The State of Texas, Appellant v. Raymond McClendon, State

NO. 02–15–00019–CR

Decided: February 25, 2016




The State appeals the trial court's order suppressing results from a blood draw performed on Appellee Raymond McClendon pursuant to the mandatory blood draw provision of the transportation code.  See Tex. Transp.  Code Ann. § 724.012(b) (West 2011).  We affirm.


At approximately 2:29 p.m. on March 14, 2013, River Oaks Police Officer Nathan Wilson came upon a traffic accident that had just occurred at the intersection of Jacksboro Highway and River Oaks Boulevard.  Because traffic was heavy due to ongoing construction on that particular stretch of the roadway, Officer Wilson immediately blocked oncoming traffic and began an investigation.  River Oaks Police Sergeant Moseley, who was also working patrol that afternoon, arrived on the scene shortly after Officer Wilson began his investigation.2

Officer Wilson first identified the drivers involved and ascertained whether they needed medical attention.  McClendon was identified as the driver of the vehicle that, according to eye-witnesses, rear-ended Arturo Hernandez's vehicle while stopped at a red light.  Although he complained of neck and back pain, Hernandez initially advised Officer Wilson that he did not require medical attention.  Nevertheless, he later decided to transport himself to the hospital to be examined.

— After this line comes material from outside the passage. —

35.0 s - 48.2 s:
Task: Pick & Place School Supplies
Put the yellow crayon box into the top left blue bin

One of the eyewitnesses Officer Wilson interviewed reported that McClendon was stumbling around as he exited his vehicle after the collision.  Officer Wilson also personally observed that McClendon displayed signs of possible drug or alcohol intoxication, i.e., slurred speech and difficulty staying in one place.

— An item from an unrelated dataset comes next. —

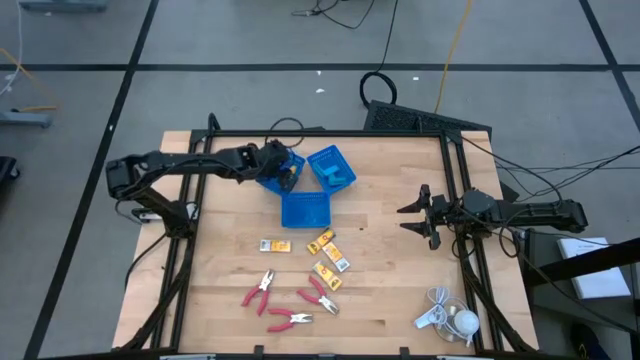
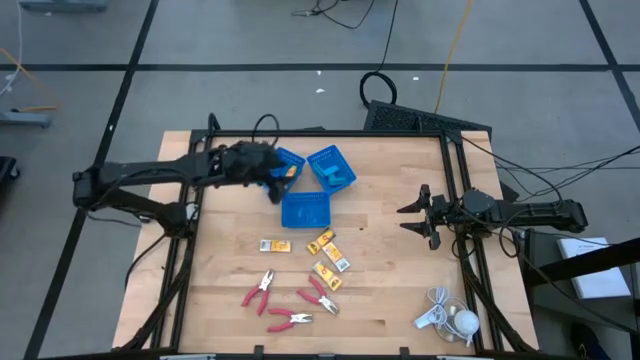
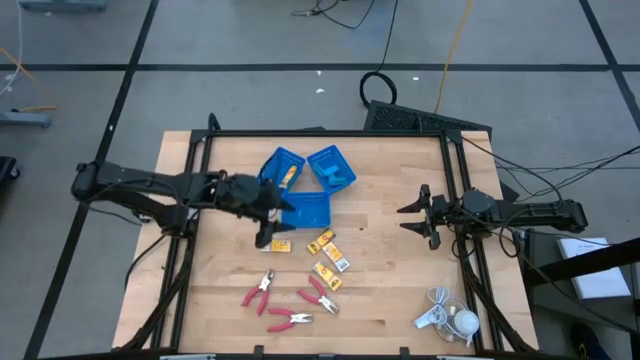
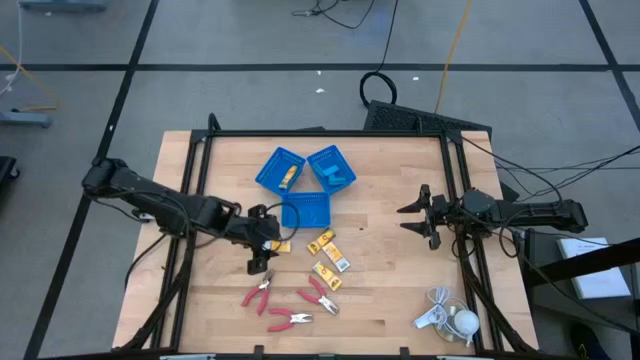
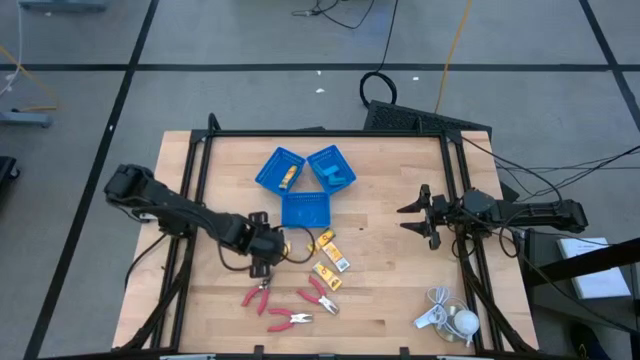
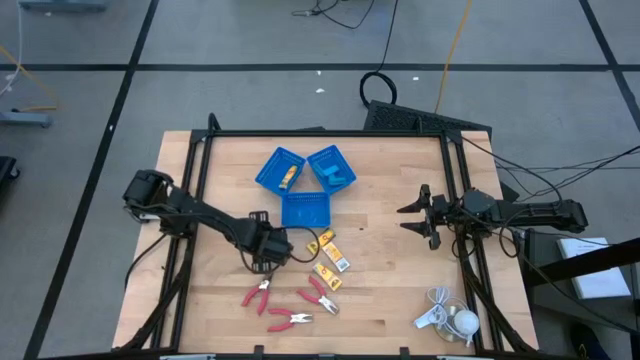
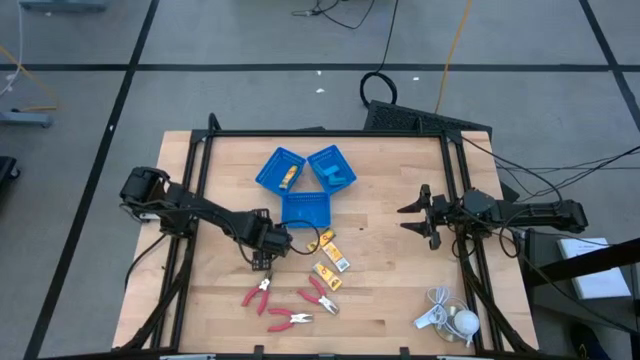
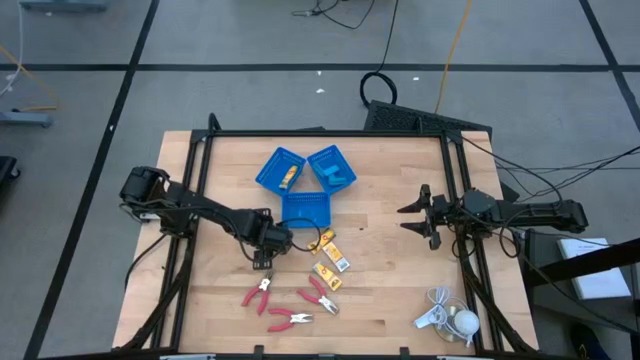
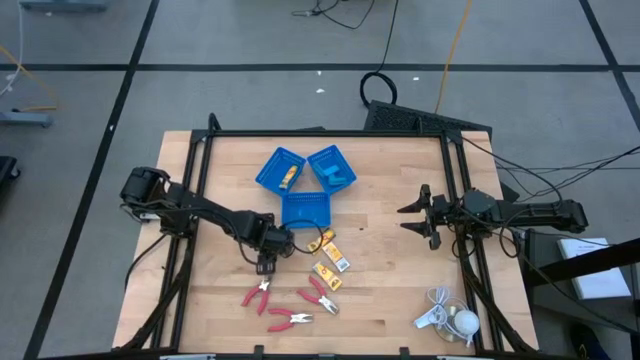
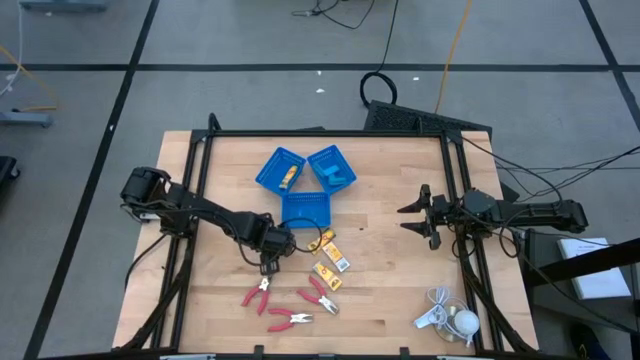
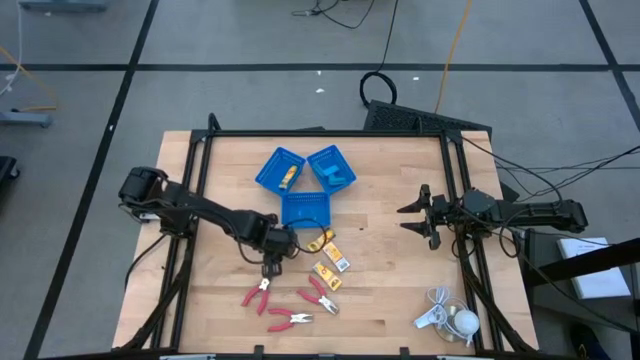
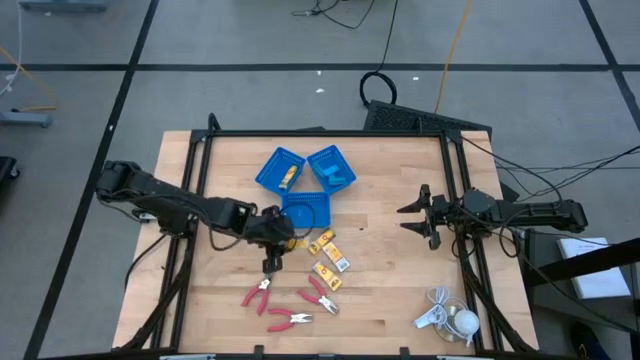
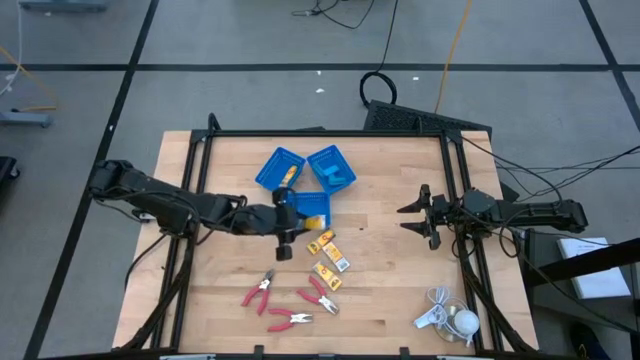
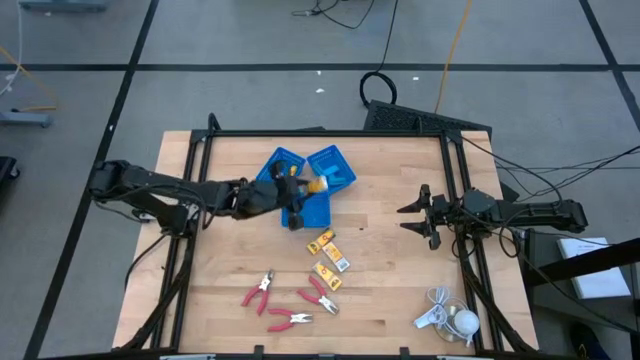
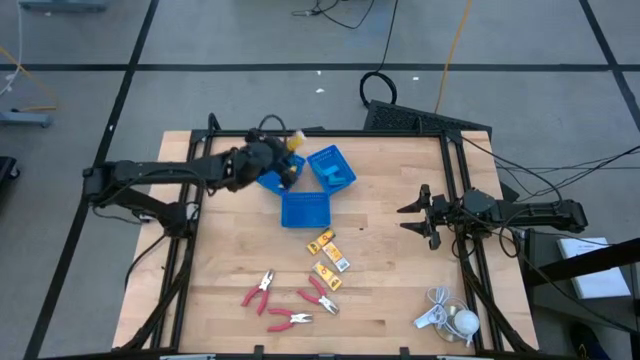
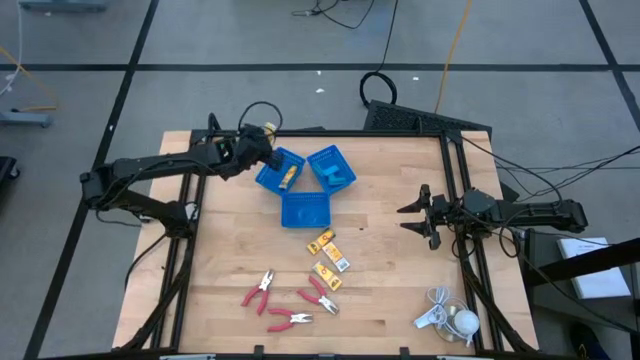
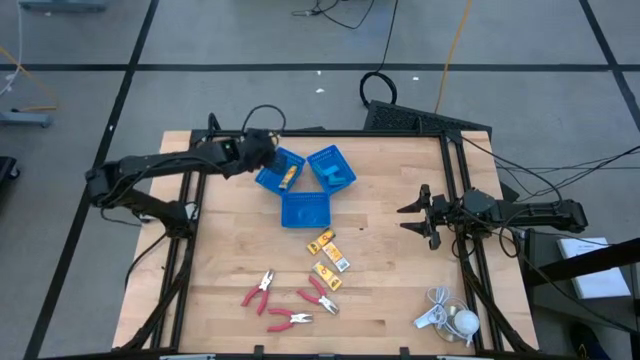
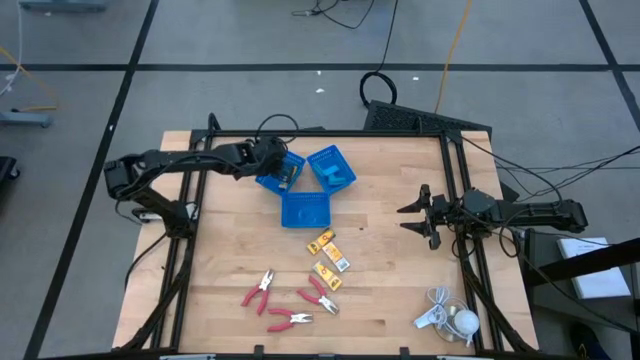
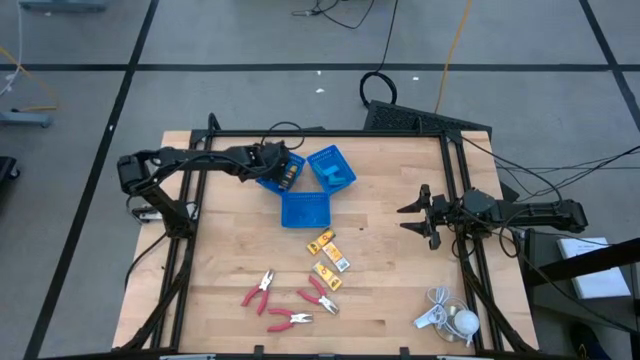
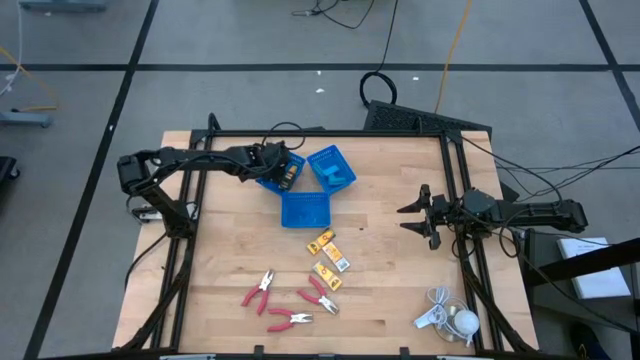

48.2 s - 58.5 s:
Put the yellow crayon box into the top left blue bin

When Officer Wilson asked him if he had taken any narcotics, McClendon responded by pulling a bottle of Xanax out of his pocket.  Although the label indicated that only six days earlier the bottle had been filled with 90 pills, Officer Wilson testified that the bottle contained only half that amount.

Consequently, Officer Wilson performed a standardized field sobriety test on McClendon.  On the Horizontal Gaze Nystagmus (HGN) test–a test that provides clues associated with alcohol, not drugs–McClendon exhibited no clues.  However, on the walk-and-turn and one-legged-stand tests, McClendon scored six clues and three clues, respectively.

Based on this information, Officer Wilson read McClendon his statutory warnings and requested a sample of his blood.  After McClendon refused the request, Officer Wilson placed him under arrest for driving while intoxicated (DWI).  Officer Wilson testified that by this time, approximately 40 minutes had elapsed since the accident had occurred.

While McClendon waited in the back seat of the patrol car, Sergeant Moseley and Officer Wilson inventoried McClendon's vehicle,3 where they found a full prescription bottle of Olanzapine and a small marijuana cigarette.  After a tow truck arrived at approximately 3:10 p.m., Officer Wilson drove McClendon to the River Oaks Police Department, where Officer Wilson learned that McClendon had two prior convictions for DWI and a prior conviction for intoxication assault.  While Officer Wilson acknowledged that he could have obtained a search warrant for a blood draw, he was advised by his sergeant that because of McClendon's prior convictions and the fact that the accident had resulted in an injury, a warrant was not required to authorize the draw.  See Tex. Transp.  Code Ann. § 724.012.  So, relying on section 724.012 for a warrantless blood draw, Officer Wilson transported McClendon to John Peter Smith Hospital (JPS), where a nurse drew his blood at 4:02 p.m.

In his testimony, Officer Wilson provided several reasons why obtaining a search warrant to authorize the blood draw would have delayed the process by at least two—and as much as four—hours.  First, Officer Wilson testified that he was not permitted to fax a request for search warrants to a magistrate because his sergeant preferred that officers appear in person in front of the magistrate in such circumstances.  The process of completing the paperwork for the warrant and taking it to the Fort Worth jail, where the magistrate was located, would have taken 25–30 minutes.  During that process McClendon would have had to stay at the River Oaks Police Station with Sergeant Moseley, who was the only other patrol officer on duty in the River Oaks municipality that evening.4  However, Officer Wilson also testified that the River Oaks Police Department could have contacted an outside agency, Sansom Park or Westworth Village, in the event anything requiring police response occurred in River Oaks while Sergeant Moseley was at the station and Officer Wilson was obtaining a warrant.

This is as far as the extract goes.